Data section section start
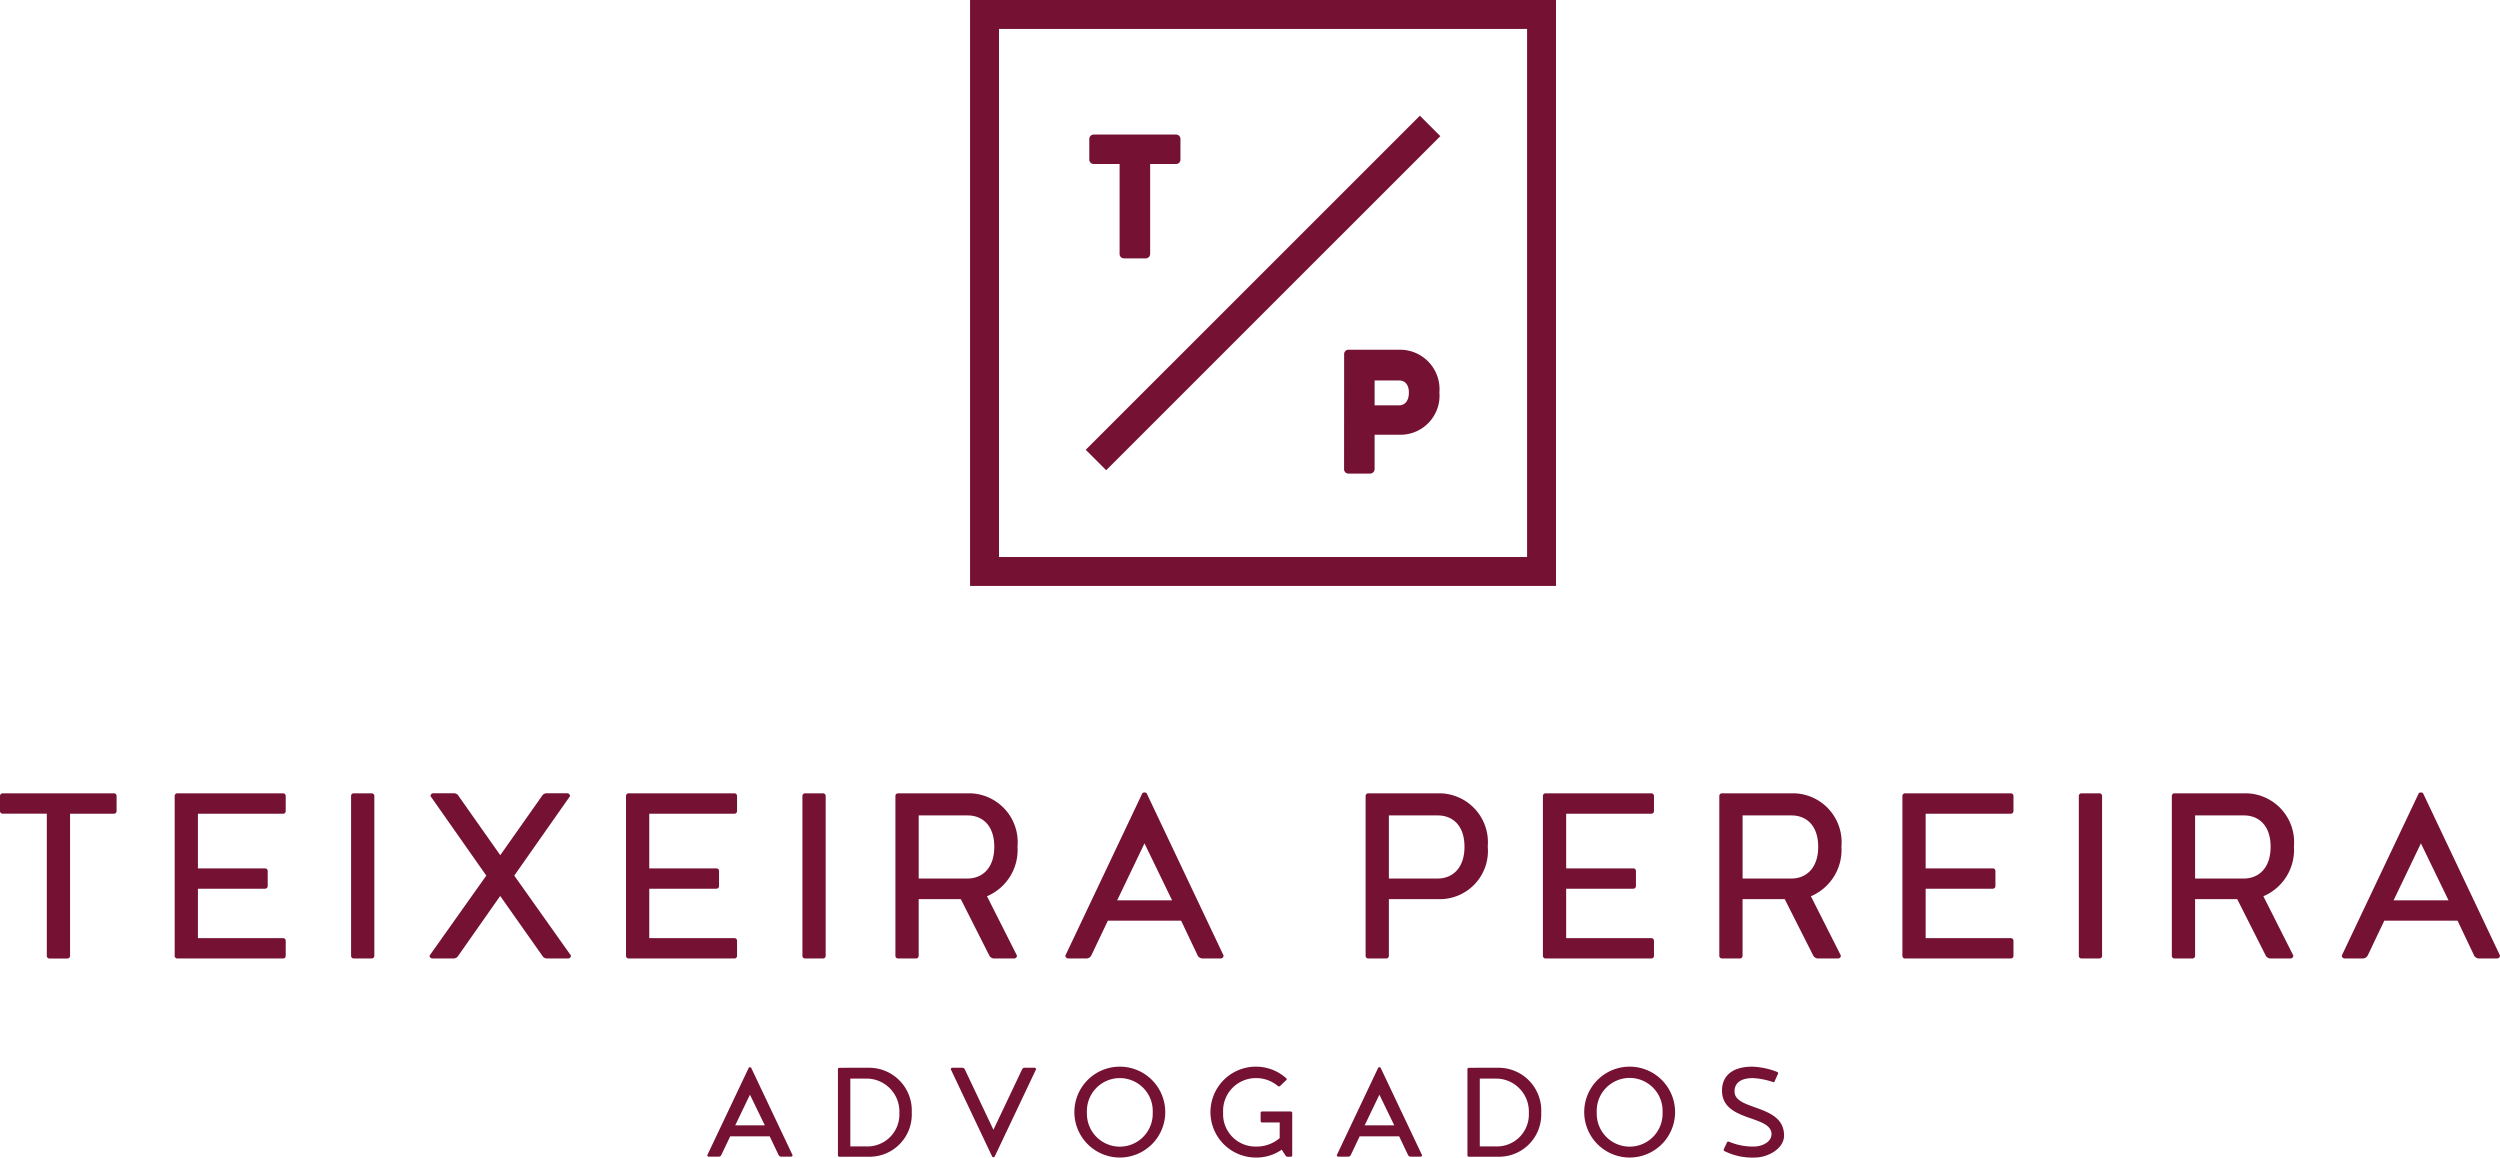 <svg xmlns="http://www.w3.org/2000/svg" width="179.376" height="83.054" viewBox="0 0 179.376 83.054">
  <g id="Grupo_226" data-name="Grupo 226" transform="translate(-196.261 -201.991)">
    <g id="Grupo_19" data-name="Grupo 19" transform="translate(196.261 258.851)">
      <g id="Grupo_17" data-name="Grupo 17">
        <g id="Grupo_16" data-name="Grupo 16">
          <path id="Caminho_37" data-name="Caminho 37" d="M199.62,251.586h-3.171a.188.188,0,0,1-.188-.188v-1.084a.189.189,0,0,1,.188-.189h7.988a.19.19,0,0,1,.189.189V251.4a.189.189,0,0,1-.189.188h-3.149v10.2a.187.187,0,0,1-.188.188h-1.294a.187.187,0,0,1-.187-.188Z" transform="translate(-196.261 -250.063)" fill="#751132"/>
          <path id="Caminho_38" data-name="Caminho 38" d="M206.859,250.313a.188.188,0,0,1,.187-.189h7.593a.188.188,0,0,1,.187.189V251.4a.187.187,0,0,1-.187.188h-6.112v3.921h4.818a.188.188,0,0,1,.189.187v1.084a.188.188,0,0,1-.189.188h-4.818v3.547h6.112a.187.187,0,0,1,.187.188v1.084a.186.186,0,0,1-.187.188h-7.593a.186.186,0,0,1-.187-.188Z" transform="translate(-194.326 -250.063)" fill="#751132"/>
          <path id="Caminho_39" data-name="Caminho 39" d="M219.231,261.785a.187.187,0,0,1-.188.188h-1.294a.186.186,0,0,1-.187-.188V250.313a.188.188,0,0,1,.187-.189h1.294a.189.189,0,0,1,.188.189Z" transform="translate(-192.372 -250.063)" fill="#751132"/>
          <path id="Caminho_40" data-name="Caminho 40" d="M227.392,257.489l-3,4.275a.4.4,0,0,1-.313.209h-1.543a.2.2,0,0,1-.209-.209l4.068-5.736-4-5.7a.2.2,0,0,1,.207-.209h1.5a.407.407,0,0,1,.313.209l2.982,4.235,2.984-4.235a.4.4,0,0,1,.312-.209h1.5a.2.2,0,0,1,.208.209l-4,5.7,4.067,5.736a.2.2,0,0,1-.209.209h-1.542a.4.4,0,0,1-.313-.209Z" transform="translate(-191.503 -250.063)" fill="#751132"/>
          <path id="Caminho_41" data-name="Caminho 41" d="M234.243,250.313a.188.188,0,0,1,.187-.189h7.593a.188.188,0,0,1,.187.189V251.4a.187.187,0,0,1-.187.188h-6.112v3.921h4.818a.187.187,0,0,1,.188.187v1.084a.187.187,0,0,1-.188.188h-4.818v3.547h6.112a.187.187,0,0,1,.187.188v1.084a.186.186,0,0,1-.187.188H234.43a.186.186,0,0,1-.187-.188Z" transform="translate(-189.326 -250.063)" fill="#751132"/>
          <path id="Caminho_42" data-name="Caminho 42" d="M246.615,261.785a.187.187,0,0,1-.188.188h-1.294a.186.186,0,0,1-.187-.188V250.313a.188.188,0,0,1,.187-.189h1.294a.189.189,0,0,1,.188.189Z" transform="translate(-187.372 -250.063)" fill="#751132"/>
          <path id="Caminho_43" data-name="Caminho 43" d="M257.159,257.509l2.149,4.255a.2.2,0,0,1-.208.209h-1.462a.4.4,0,0,1-.312-.209l-2.045-4.047h-3.024v4.068a.187.187,0,0,1-.187.188h-1.294a.186.186,0,0,1-.188-.188V250.313a.188.188,0,0,1,.188-.189h5.214a3.509,3.509,0,0,1,3.359,3.819A3.611,3.611,0,0,1,257.159,257.509Zm-4.9-1.272h3.505c1.042,0,1.918-.73,1.918-2.274,0-1.565-.876-2.253-1.918-2.253h-3.505Z" transform="translate(-186.342 -250.063)" fill="#751132"/>
          <path id="Caminho_44" data-name="Caminho 44" d="M263.948,259.271l-1.19,2.5a.4.4,0,0,1-.312.209h-1.335a.2.2,0,0,1-.209-.209l5.529-11.66a.376.376,0,0,1,.145-.041.382.382,0,0,1,.147.041l5.527,11.66a.2.2,0,0,1-.208.209h-1.335a.4.4,0,0,1-.313-.209l-1.189-2.5Zm4.61-1.459-1.982-4.089-1.96,4.089Z" transform="translate(-184.459 -250.072)" fill="#751132"/>
          <path id="Caminho_45" data-name="Caminho 45" d="M284.52,250.124a3.509,3.509,0,0,1,3.359,3.819,3.458,3.458,0,0,1-3.359,3.775h-3.735v4.068a.186.186,0,0,1-.187.188h-1.294a.187.187,0,0,1-.188-.188V250.313a.189.189,0,0,1,.188-.189Zm1.69,3.839c0-1.565-.876-2.253-1.919-2.253h-3.505v4.527h3.505C285.334,256.237,286.21,255.507,286.21,253.963Z" transform="translate(-181.133 -250.063)" fill="#751132"/>
          <path id="Caminho_46" data-name="Caminho 46" d="M289.874,250.313a.189.189,0,0,1,.188-.189h7.593a.188.188,0,0,1,.187.189V251.4a.187.187,0,0,1-.187.188h-6.113v3.921h4.819a.186.186,0,0,1,.187.187v1.084a.186.186,0,0,1-.187.188h-4.819v3.547h6.113a.187.187,0,0,1,.187.188v1.084a.186.186,0,0,1-.187.188h-7.593a.187.187,0,0,1-.188-.188Z" transform="translate(-179.169 -250.063)" fill="#751132"/>
          <path id="Caminho_47" data-name="Caminho 47" d="M307.147,257.509l2.15,4.255a.2.2,0,0,1-.209.209h-1.461a.4.4,0,0,1-.312-.209l-2.045-4.047h-3.025v4.068a.186.186,0,0,1-.187.188h-1.294a.187.187,0,0,1-.188-.188V250.313a.189.189,0,0,1,.188-.189h5.215a3.509,3.509,0,0,1,3.359,3.819A3.61,3.61,0,0,1,307.147,257.509Zm-4.9-1.272h3.505c1.043,0,1.919-.73,1.919-2.274,0-1.565-.876-2.253-1.919-2.253h-3.505Z" transform="translate(-177.215 -250.063)" fill="#751132"/>
          <path id="Caminho_48" data-name="Caminho 48" d="M311.685,250.313a.19.19,0,0,1,.188-.189h7.593a.189.189,0,0,1,.188.189V251.4a.188.188,0,0,1-.188.188h-6.113v3.921h4.82a.186.186,0,0,1,.187.187v1.084a.187.187,0,0,1-.187.188h-4.82v3.547h6.113a.188.188,0,0,1,.188.188v1.084a.187.187,0,0,1-.188.188h-7.593a.188.188,0,0,1-.188-.188Z" transform="translate(-175.187 -250.063)" fill="#751132"/>
          <path id="Caminho_49" data-name="Caminho 49" d="M324.057,261.785a.186.186,0,0,1-.187.188h-1.293a.188.188,0,0,1-.189-.188V250.313a.19.19,0,0,1,.189-.189h1.293a.188.188,0,0,1,.187.189Z" transform="translate(-173.232 -250.063)" fill="#751132"/>
          <path id="Caminho_50" data-name="Caminho 50" d="M334.6,257.509l2.148,4.255a.2.2,0,0,1-.208.209h-1.459a.4.4,0,0,1-.313-.209l-2.045-4.047H329.7v4.068a.186.186,0,0,1-.187.188h-1.294a.187.187,0,0,1-.188-.188V250.313a.189.189,0,0,1,.188-.189h5.215a3.509,3.509,0,0,1,3.359,3.819A3.611,3.611,0,0,1,334.6,257.509Zm-4.9-1.272H333.2c1.043,0,1.919-.73,1.919-2.274,0-1.565-.876-2.253-1.919-2.253H329.7Z" transform="translate(-172.202 -250.063)" fill="#751132"/>
          <path id="Caminho_51" data-name="Caminho 51" d="M341.392,259.271l-1.189,2.5a.4.4,0,0,1-.313.209h-1.335a.2.2,0,0,1-.209-.209l5.529-11.66a.376.376,0,0,1,.145-.041.382.382,0,0,1,.147.041l5.527,11.66a.2.2,0,0,1-.208.209h-1.335a.4.4,0,0,1-.312-.209l-1.19-2.5Zm4.61-1.459-1.982-4.089-1.961,4.089Z" transform="translate(-170.319 -250.072)" fill="#751132"/>
        </g>
      </g>
      <g id="Grupo_18" data-name="Grupo 18" transform="translate(50.751 19.673)">
        <path id="Caminho_52" data-name="Caminho 52" d="M240.817,271.7l-.641,1.348a.214.214,0,0,1-.168.112h-.72a.107.107,0,0,1-.112-.112l2.98-6.284a.2.2,0,0,1,.078-.022.205.205,0,0,1,.079.022l2.978,6.284a.106.106,0,0,1-.111.112h-.72a.212.212,0,0,1-.168-.112l-.641-1.348Zm2.485-.788-1.068-2.2-1.056,2.2Z" transform="translate(-239.176 -266.701)" fill="#751132"/>
        <path id="Caminho_53" data-name="Caminho 53" d="M249.326,266.775a3.065,3.065,0,0,1,3.07,3.214,3.029,3.029,0,0,1-3.07,3.17H247.2a.1.1,0,0,1-.1-.1v-6.183a.1.1,0,0,1,.1-.1Zm2.182,3.249a2.364,2.364,0,0,0-2.384-2.473h-1.135v4.868h1.135A2.294,2.294,0,0,0,251.508,270.024Z" transform="translate(-237.729 -266.696)" fill="#751132"/>
        <path id="Caminho_54" data-name="Caminho 54" d="M257.007,271.226l2.058-4.34a.215.215,0,0,1,.169-.111h.719a.106.106,0,0,1,.112.111l-2.98,6.285a.208.208,0,0,1-.078.021.227.227,0,0,1-.079-.021l-2.979-6.285a.106.106,0,0,1,.114-.111h.719a.219.219,0,0,1,.169.111Z" transform="translate(-236.479 -266.696)" fill="#751132"/>
        <path id="Caminho_55" data-name="Caminho 55" d="M261.446,269.968a3.26,3.26,0,1,1,3.26,3.26A3.262,3.262,0,0,1,261.446,269.968Zm.9.033a2.362,2.362,0,1,0,4.721,0,2.363,2.363,0,1,0-4.721,0Z" transform="translate(-235.11 -266.708)" fill="#751132"/>
        <path id="Caminho_56" data-name="Caminho 56" d="M274.814,272.666a3.174,3.174,0,0,1-1.821.563,3.261,3.261,0,1,1,2.158-5.678.188.188,0,0,1,.024.056c0,.034-.024.057-.057.09-.067.057-.19.169-.393.373a.138.138,0,0,1-.114.056.127.127,0,0,1-.078-.034,2.4,2.4,0,0,0-1.552-.562A2.349,2.349,0,0,0,270.61,270a2.32,2.32,0,0,0,2.372,2.44,2.519,2.519,0,0,0,1.686-.607V270.71H273.4a.1.1,0,0,1-.1-.1v-.585a.1.1,0,0,1,.1-.1h2.068a.1.1,0,0,1,.1.1v3.046a.1.1,0,0,1-.1.1h-.247c-.069,0-.112-.057-.157-.123Z" transform="translate(-233.601 -266.708)" fill="#751132"/>
        <path id="Caminho_57" data-name="Caminho 57" d="M279.009,271.7l-.641,1.348a.216.216,0,0,1-.169.112h-.719a.106.106,0,0,1-.112-.112l2.978-6.284a.206.206,0,0,1,.079-.022.2.2,0,0,1,.079.022l2.979,6.284a.106.106,0,0,1-.112.112h-.719a.214.214,0,0,1-.169-.112l-.641-1.348Zm2.483-.788-1.068-2.2-1.057,2.2Z" transform="translate(-232.203 -266.701)" fill="#751132"/>
        <path id="Caminho_58" data-name="Caminho 58" d="M287.518,266.775a3.065,3.065,0,0,1,3.069,3.214,3.028,3.028,0,0,1-3.069,3.17h-2.124a.1.1,0,0,1-.1-.1v-6.183a.1.1,0,0,1,.1-.1Zm2.181,3.249a2.363,2.363,0,0,0-2.382-2.473H286.18v4.868h1.137A2.293,2.293,0,0,0,289.7,270.024Z" transform="translate(-230.756 -266.696)" fill="#751132"/>
        <path id="Caminho_59" data-name="Caminho 59" d="M292.379,269.968a3.26,3.26,0,1,1,3.259,3.26A3.263,3.263,0,0,1,292.379,269.968Zm.9.033A2.362,2.362,0,1,0,298,270a2.364,2.364,0,1,0-4.722,0Z" transform="translate(-229.462 -266.708)" fill="#751132"/>
        <path id="Caminho_60" data-name="Caminho 60" d="M300.862,272.678a.1.1,0,0,1,.012-.057l.226-.484a.113.113,0,0,1,.09-.056.092.092,0,0,1,.045.011,4.477,4.477,0,0,0,1.764.349c.663,0,1.293-.349,1.293-.888,0-1.394-3.552-.865-3.552-3.126,0-1.078.764-1.719,2.182-1.719a5.419,5.419,0,0,1,1.787.383.123.123,0,0,1,.056.09.092.092,0,0,1-.011.045l-.247.55a.077.077,0,0,1-.056.045.207.207,0,0,1-.091-.022,5.374,5.374,0,0,0-1.393-.27c-1.327,0-1.327.776-1.327.967,0,1.382,3.552.888,3.552,3.147,0,.978-1.2,1.586-2.091,1.586a4.492,4.492,0,0,1-2.182-.461A.118.118,0,0,1,300.862,272.678Z" transform="translate(-227.936 -266.708)" fill="#751132"/>
      </g>
    </g>
    <g id="Grupo_21" data-name="Grupo 21" transform="translate(274.419 211.644)">
      <g id="Grupo_20" data-name="Grupo 20">
        <path id="Caminho_61" data-name="Caminho 61" d="M268.563,210.154a.321.321,0,0,1,.329.328v1.455a.312.312,0,0,1-.329.329h-1.845v6.446a.322.322,0,0,1-.33.328h-1.533a.313.313,0,0,1-.329-.328v-6.446h-1.845a.313.313,0,0,1-.33-.329v-1.455a.321.321,0,0,1,.33-.328Z" transform="translate(-262.352 -210.154)" fill="#751132"/>
      </g>
    </g>
    <g id="Grupo_23" data-name="Grupo 23" transform="translate(292.703 227.084)">
      <g id="Grupo_22" data-name="Grupo 22">
        <path id="Caminho_62" data-name="Caminho 62" d="M277.813,223.539a.312.312,0,0,1,.329-.329h3.739a2.835,2.835,0,0,1,2.768,3.066,2.806,2.806,0,0,1-2.768,3.035H280v2.457a.321.321,0,0,1-.329.328h-1.533a.312.312,0,0,1-.329-.328Zm4.646,2.753c0-.61-.313-.875-.688-.875H280V227.2h1.768C282.146,227.2,282.459,226.9,282.459,226.292Z" transform="translate(-277.813 -223.21)" fill="#751132"/>
      </g>
    </g>
    <path id="Caminho_63" data-name="Caminho 63" d="M297.159,244.032H255.118V201.991h42.041Zm-39.965-2.075h37.89v-37.89h-37.89Z" transform="translate(10.746 0)" fill="#751132"/>
    <rect id="Retângulo_40" data-name="Retângulo 40" width="33.903" height="2.075" transform="translate(274.163 234.263) rotate(-44.993)" fill="#751132"/>
  </g>
</svg>
Data section section end
- _What you should do_:
Reproduce each line of the records in which the word "Grupo" appears.

- _Written response_:
  <g id="Grupo_226" data-name="Grupo 226" transform="translate(-196.261 -201.991)">
    <g id="Grupo_19" data-name="Grupo 19" transform="translate(196.261 258.851)">
      <g id="Grupo_17" data-name="Grupo 17">
        <g id="Grupo_16" data-name="Grupo 16">
      <g id="Grupo_18" data-name="Grupo 18" transform="translate(50.751 19.673)">
    <g id="Grupo_21" data-name="Grupo 21" transform="translate(274.419 211.644)">
      <g id="Grupo_20" data-name="Grupo 20">
    <g id="Grupo_23" data-name="Grupo 23" transform="translate(292.703 227.084)">
      <g id="Grupo_22" data-name="Grupo 22">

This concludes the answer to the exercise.